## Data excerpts
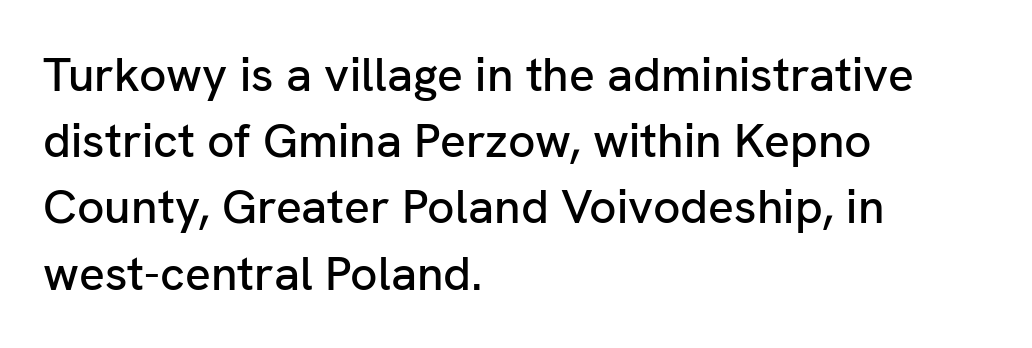
Q: Is the text italic (slanted)? A: No, it is upright.
Q: Is the typeface a serif or a sans-serif typeface? A: Sans-serif.
Q: Is the text underlined? A: No.
Q: How is the paragraph aligned? A: Left-aligned.
Q: Is the spacing between letters normal or unusually wide? A: Normal.
Q: Is the spacing between lines tight, normal or loose? A: Normal.
Q: Width (condensed, normal, or wide)? A: Normal.
Q: Stroke contrast? A: Low.
Q: x-height? A: Medium.
Q: Monospaced? A: No.
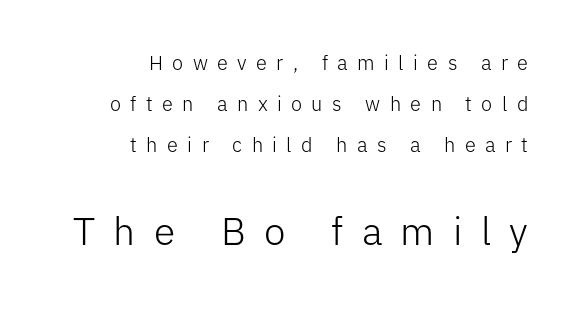
{"serif": "no", "italic": "no", "bold": "no", "weight": "light", "width": "normal", "stroke_contrast": "low", "x_height": "medium", "monospaced": "no", "underline": "no", "align": "right", "line_spacing": "loose", "line_spacing_ratio": 2.04, "letter_spacing": "wide", "letter_spacing_em": 0.47, "larger_block": "second", "size_ratio": 1.95, "glyph_px": 39}
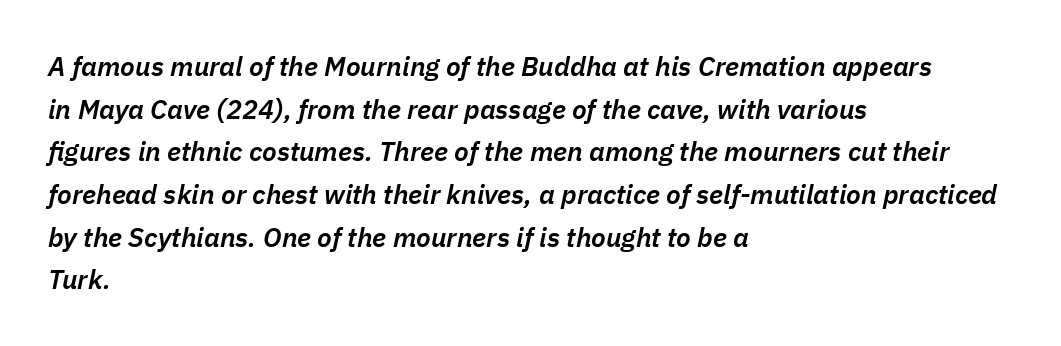
{"italic": "yes", "lean": "right", "slant_degrees": 11, "bold": "semi", "underline": "no", "align": "left", "line_spacing": "normal", "line_spacing_ratio": 1.58, "letter_spacing": "normal", "letter_spacing_em": 0.0, "glyph_px": 27}
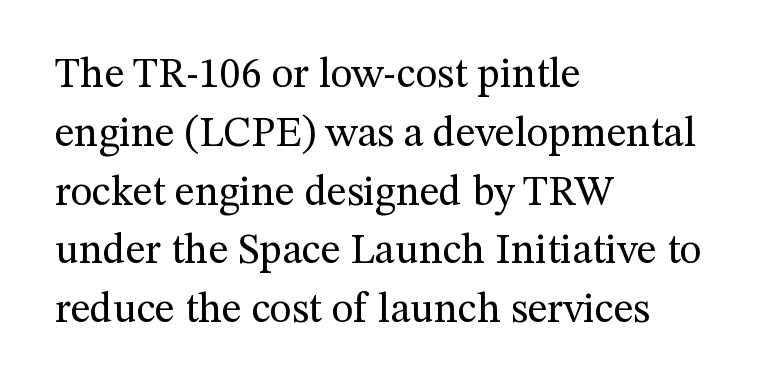
Q: Is the text bold? A: No.
Q: Is the text italic (slanted)? A: No, it is upright.
Q: Is the typeface a serif or a sans-serif typeface? A: Serif.
Q: Is the text underlined? A: No.
Q: How is the paragraph aligned? A: Left-aligned.
Q: Is the spacing between letters normal or unusually wide? A: Normal.
Q: Is the spacing between lines tight, normal or loose? A: Normal.
Q: Width (condensed, normal, or wide)? A: Normal.
Q: Stroke contrast? A: Medium.
Q: x-height? A: Medium.
Q: Monospaced? A: No.

## EXERCISE GOAL
Count the lines above that contain "italic" and reply with the figure alone.

## OUTPUT FOR THIS TASK
4